Where the Auction Is

March 29, 1998|MARNELL JAMESON | SPECIAL TO THE TIMES

Something about being all dressed up at a fancy dinner with a glass of bubbly in hand just makes you want to drop a wad of dough. Charitable organizations know this. So every year, often about now, they gear up for the annual fund-raiser. This grand affair frequently includes a silent auction, where spending and socializing go together like a black tie and cummerbund. The well-meaning and well-heeled get caught up in the spirit, then dash off checks faster than you can say "deductible."

With those charitable feelings afloat, guests one-up one another on bid sheets that may win them a vacation getaway, tickets to a sporting event, celebrity memorabilia, opportunities of a lifetime, pamper baskets and handmade quilts.

"What moves is extravagance of any kind," says auction grande dame Sarah Piehl, who after 20 years of coordinating auctions for such venerable groups as the John Wayne Cancer Institute in Santa Monica, University Synagogue in Brentwood and the Village School in Pacific Palisades, figures she's raised several million dollars. "The staples of any auction are the trips and restaurants. That's a phenomenon of L.A. People pay near value and figure they'll enjoy themselves and write it off."

Brushes with fame are other hot sellers. Recently, at various fund-raisers throughout Los Angeles, a "Seinfeld" walk-on brought $1,200, a walk-on for NBC's "Frasier" drew $2,200, and scrubs worn on "ER" and signed by the cast netted $900. "Baywatch" hunk David Hasselhoff's swim trunks (aptly stuffed for display purposes) fetched more than $500 and a leather jacket Sylvester Stallone sported in a film drew $2,000.

For the Record
Los Angeles Times Sunday April 5, 1998 Home Edition Life & Style Part E Page 3 View Desk 2 inches; 38 words Type of Material: Correction
Fund-Raising Auctions--Two figures were incorrect in Social Sunday in the March 29 edition. Parents at Buckley School donated $4,000 for pupils to spend the day with a teacher. Beanie Babies to be auctioned for children's charities sell for up to $2,000 on the Internet.

Madonna's tour bustier got a mere $400.

"The function's crowd was too old for it," said Piehl, who says audience is everything.
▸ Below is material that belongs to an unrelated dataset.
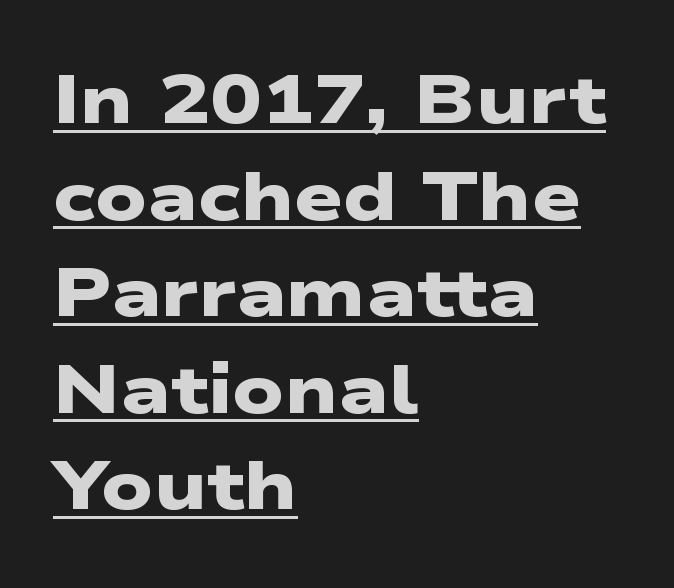
Summary of weight: heavy, a full bold. Casual observation: everything's shoved over to the left. Students, note that the glyphs here touch the page at normal intervals. Varying glyph widths throughout — classic text-font behaviour.

For example, at one exclusive Westside school where many celebrities send their kids, she said, "Hollywood never sells, no matter who signed it."

Access also has a price. Kathy Tavoularis, who manages silent auctions for the Republican Party of Orange County, says lunches with elected officials are especially popular. And for those who want to chat and catch waves, Huntington Beach Congressman Dana Rohrabacher donates a surfing lesson, which last year sold for $500.

Sentiment also sells. At the Buckley School, in Sherman Oaks, classes in the lower school often make a quilt to auction at the annual school fair, says volunteer auction Chairwoman Katie Lilliston, who's seen these easily sell in the four digits. Two years ago, a former auction coordinator recalls, two people got into a bidding war over one quilt. Usually a case such as this goes to a final sealed bid, but these two chose to decide it on the tennis court.

Besides kids' handicrafts, other school fare that sells well are a day as principal or time outside of school with a favorite teacher, says Lilliston, who recalls one parent who paid $44,000 for six students to spend a day with a teacher.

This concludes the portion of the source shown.